Die Bürger des Freistaates Flaschenhals wussten ihre plötzliche Unabhängigkeit zu nutzen. Sie führten eigenes Notgeld ein und verdienten ihren Unterhalt mit dem Schmuggel von Waren. „Schnaps und Wein, das war die Währung damals“, erzählt Peter Josef Bahles, Gründer der Initiative Freistaat Flaschenhals. Seine Großeltern kamen 1912 nach Kaub und eröffneten dort ein Restaurant. „Ich wette, dass mein Großvater nicht einen Zentner Kohle gekauft hat. Das hat er alles getauscht.“ Kaub und Lorch waren wichtige Punkte der Schifffahrt damaliger Zeit. Der Rhein zwischen Bingen und St. Goar konnte nur mit Hilfe ortskundiger Lotsen befahren werden. Nachts wurde auch in Kaub und Lorch an Land gegangen. Das war der Zeitpunkt für die Geschäfte: Ganze Schiffladungen Zucker und Mehl wurden gegen Wein und Spirituosen getauscht. So waren die Flaschenhälsler trotz ihres Versorgungsengpasses gut verpflegt, teilweise sogar besser als der Rest von Deutschland. Denn auch Bauern ließen sich auf Tauschgeschäfte für Fleisch ein, damals ein Luxusgut. Doch auch Glück war mit im Spiel. So zum Beispiel in einem Winter als 23 Zugwaggons mit Kohle aus dem französisch besetzten Bahnhof in Rüdesheim in den Freistaat verlegt wurden. All dies blieb weitestgehend straffrei. Doch die französischen Besatzer ärgerte dieser Handel. Zudem hatten sie Angst, dass sich innerhalb des Freistaates eine Gegenbewegung bilden würde. Sie überwachten die Grenze schärfer und leuchteten nachts das Flussufer ab.
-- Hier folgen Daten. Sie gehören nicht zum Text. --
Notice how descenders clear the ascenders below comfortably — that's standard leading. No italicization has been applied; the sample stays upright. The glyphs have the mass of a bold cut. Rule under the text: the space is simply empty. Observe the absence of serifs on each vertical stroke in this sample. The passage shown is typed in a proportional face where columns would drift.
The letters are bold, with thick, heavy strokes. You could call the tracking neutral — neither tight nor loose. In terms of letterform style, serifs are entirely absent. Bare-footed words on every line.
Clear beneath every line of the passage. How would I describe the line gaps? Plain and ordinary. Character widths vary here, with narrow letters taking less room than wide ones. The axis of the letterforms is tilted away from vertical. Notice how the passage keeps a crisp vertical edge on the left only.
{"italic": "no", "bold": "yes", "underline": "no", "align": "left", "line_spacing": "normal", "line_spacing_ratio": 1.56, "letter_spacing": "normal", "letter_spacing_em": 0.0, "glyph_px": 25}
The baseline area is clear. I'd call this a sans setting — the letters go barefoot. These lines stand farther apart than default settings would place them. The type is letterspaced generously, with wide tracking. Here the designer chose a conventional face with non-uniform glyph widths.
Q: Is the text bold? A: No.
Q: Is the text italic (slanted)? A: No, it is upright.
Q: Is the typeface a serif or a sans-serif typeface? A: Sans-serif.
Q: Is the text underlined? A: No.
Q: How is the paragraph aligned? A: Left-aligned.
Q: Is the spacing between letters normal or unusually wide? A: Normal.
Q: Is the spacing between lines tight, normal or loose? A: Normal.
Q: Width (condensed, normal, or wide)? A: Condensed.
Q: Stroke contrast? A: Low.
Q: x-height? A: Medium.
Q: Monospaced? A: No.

Die Jugend von Kaub und Lorch reagierten auf diese Praktiken mit Provokation und zeigten den Soldaten ihren blanken Hintern.
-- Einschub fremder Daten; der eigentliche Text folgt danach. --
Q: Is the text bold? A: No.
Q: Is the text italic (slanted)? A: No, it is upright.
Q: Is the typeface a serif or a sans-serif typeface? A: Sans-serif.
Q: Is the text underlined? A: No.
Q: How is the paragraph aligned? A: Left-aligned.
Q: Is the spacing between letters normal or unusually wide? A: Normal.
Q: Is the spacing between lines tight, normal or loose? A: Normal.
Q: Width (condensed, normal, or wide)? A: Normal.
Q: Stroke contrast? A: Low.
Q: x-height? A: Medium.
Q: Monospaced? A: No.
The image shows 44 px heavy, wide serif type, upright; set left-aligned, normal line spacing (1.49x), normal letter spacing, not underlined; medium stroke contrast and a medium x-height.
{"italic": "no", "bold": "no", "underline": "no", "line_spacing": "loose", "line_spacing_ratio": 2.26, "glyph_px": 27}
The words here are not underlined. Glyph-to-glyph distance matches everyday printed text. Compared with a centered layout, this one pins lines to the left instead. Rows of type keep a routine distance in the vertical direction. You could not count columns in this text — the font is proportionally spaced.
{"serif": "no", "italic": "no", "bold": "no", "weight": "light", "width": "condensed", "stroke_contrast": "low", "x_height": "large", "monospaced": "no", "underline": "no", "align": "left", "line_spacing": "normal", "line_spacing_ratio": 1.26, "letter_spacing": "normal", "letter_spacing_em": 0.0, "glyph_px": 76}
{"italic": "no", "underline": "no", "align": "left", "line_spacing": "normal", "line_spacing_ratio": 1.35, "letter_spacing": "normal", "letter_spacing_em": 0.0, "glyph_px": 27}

„Das muss der nachts geträumt haben“
Im Mai 1921 wurde es dem Landrat von Limburg zu bunt und er forderte das Ende des Freistaates. Es brauchte aber noch bis zum 15. November 1924, bis Flaschenhals wirklich aufgelöst wurde. Anfang 1923 marschierten marokkanische Hilfstruppen der französischen Armee ein und nahmen Bürgermeister Anton Pnischek fest. Doch erst mit Ende der französischen Besatzung wurde der Freistaat als aufgelöst erklärt und geriet damit in Vergessenheit. Bis Peter Josef Bahles sie wieder in Erinnerung rief. Als kleiner Junge hatte er viel Zeit in der Gaststätte seiner Großeltern verbracht, die später von seinem Vater übernommen wurde. Dort hörte er von den Gästen Geschichten über das einstige Wunder. Und auch sein Vater konnte ihm einiges erzählen, der war 13 als der Freistaat sich auflöste. Doch als er diese Geschichte auf einer Weinprobe mal zum Besten gab, glaubten ihm die Kauber nicht. Er müsse sich das ausgedacht haben. Erst als die ortsansässige Zeitung begann zu recherchieren, wurde der Freistaat wieder in das Gedächtnis gerufen und eine Initiative für ihn gegründet.
„Wir gehören nicht zu der braunen Suppe“
Die Initiative ging mit der Zeit. Als der Euro eingeführt wurde, ließen sie eine 10 Taler Freistaat-Münze prägen, mit einem Wert von 30 DM (später 15 Euro). Mit ihr konnte man bei den sechs Winzern, die der Initiative angehören, Wein kaufen. Als 2014 die Debatte um die doppelte Staatsbürgerschaft ausbrach, wurde sogar ein Freistaat-Pass gedruckt. Nur zur Reichsbürger-Szene distanzieren sie sich: „Wir sind eine touristische Initiative, die ihre Region sowie ihre Produkte bewirbt, kein Teil der braunen Suppe.“ Nun steht das 100-jährige Jubiläum an. Eigentlich wäre das im Januar, doch mit Blick auf das Wetter wurde entschieden lieber im Mai zu feiern. Am 18. Mai 2019 wird es also eine Rundfahrt mit einer antiken Dampflok durch das ehemalige Staatsgebiet des Flaschenhalses geben. Die Karten waren nach vier Tagen ausgebucht. Doch nachdem Peter Josef Bahles noch zwei weitere Waggons für den Zug besorgt hat, ist ein kleiner Restbestand an Karten vorhanden. Und auch der Carlsen Verlag möchte dem Freistaat zu ehren ein Comic drucken. Denn der einst in Vergessenheit geratene Fauxpas der Geschichte wurde weit über die Grenzen des Rheinlandes bekannt.